After her return, she wrote her first book, Seven Gothic Tales, which was  first published in the U.S. in 1934, under the pseudonym, Isak Dinesen.  The book was later published in the UK and Denmark as well.  This short story collection was judged as a masterpiece by critics in the United States and England, while the critics in Denmark considered her stories too exotic and not fitting in the period’s literary movement.  However, whatever critics say about her story, her first book received great public recognition and made her a famous author across the world.

Her second book, Out of Africa, was published in 1937 and brought great reputation as an writer.  The book thought back to Kenya where she peacefully lived as a settler on a coffee plantation, as it presented a lyrical depiction of life such as deaths, friendships, drought, and disappointments.  With this book, she was awarded the Tagea Brandt Rejselegat, a Danish’s prize for woman in the arts or academic life, in 1939.  The book was also adapted into a Oscar-winning film, directed by Sydney Pollak, in 1985.

In 1944 during World War II, she wrote a book, The Angelic Avengers, interpreted as an allegory of Nazism.  She also published the most famous work of the 1940s and 1950s, Babette’s Feast, the story of a chief who spent her lottery prize to make a final and spectacular gourmet meal. She also wrote a book, called The Immoral Story, which was adapted to the movie screen in 1968 by American film director, Orson Welles.
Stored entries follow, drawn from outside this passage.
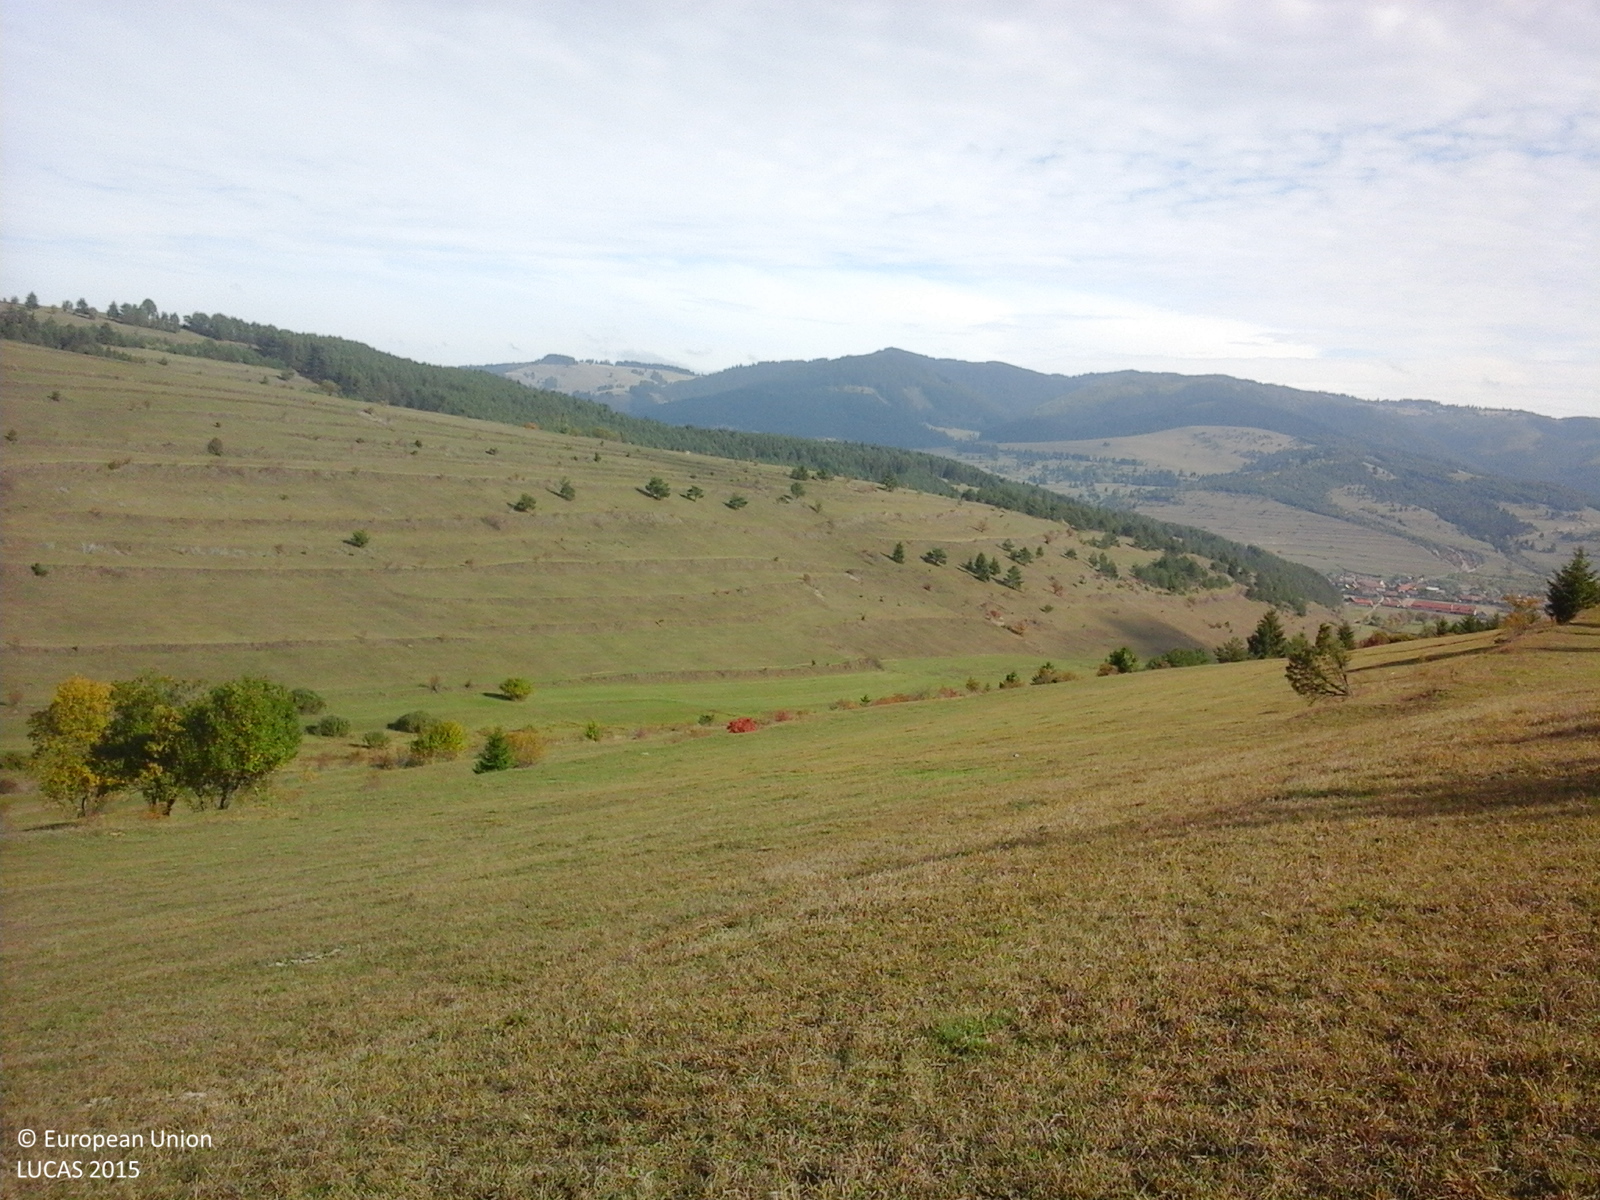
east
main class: Grassland
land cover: Grassland without tree/shrub cover
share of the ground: > 75 %
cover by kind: herbaceous plants 100 %
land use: Agriculture (excluding fallow land and kitchen gardens)
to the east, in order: Grassland without tree/shrub cover; Lines of trees; Grassland without tree/shrub cover; Lines of trees; Grassland without tree/shrub cover; Lines of trees; Grassland without tree/shrub cover; Lines of trees; Grassland without tree/shrub cover
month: October
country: RO
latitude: 46.3225
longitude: 25.9243

With many of her great tales, she was twice nominated for the Nobel Prize, but she failed to win the Prize. All her works were first published in English and later translated into Danish and many different languages.  Critics point out that her English has unusual beauty and great skills. Blixen died in 1962 at her family’s estate, Rungstedlund, at the age of 77 by malnutrition. Her homes are now named the; Karen Blixen Museum near Nairobi and the Karen Blixen Museet in Denmark.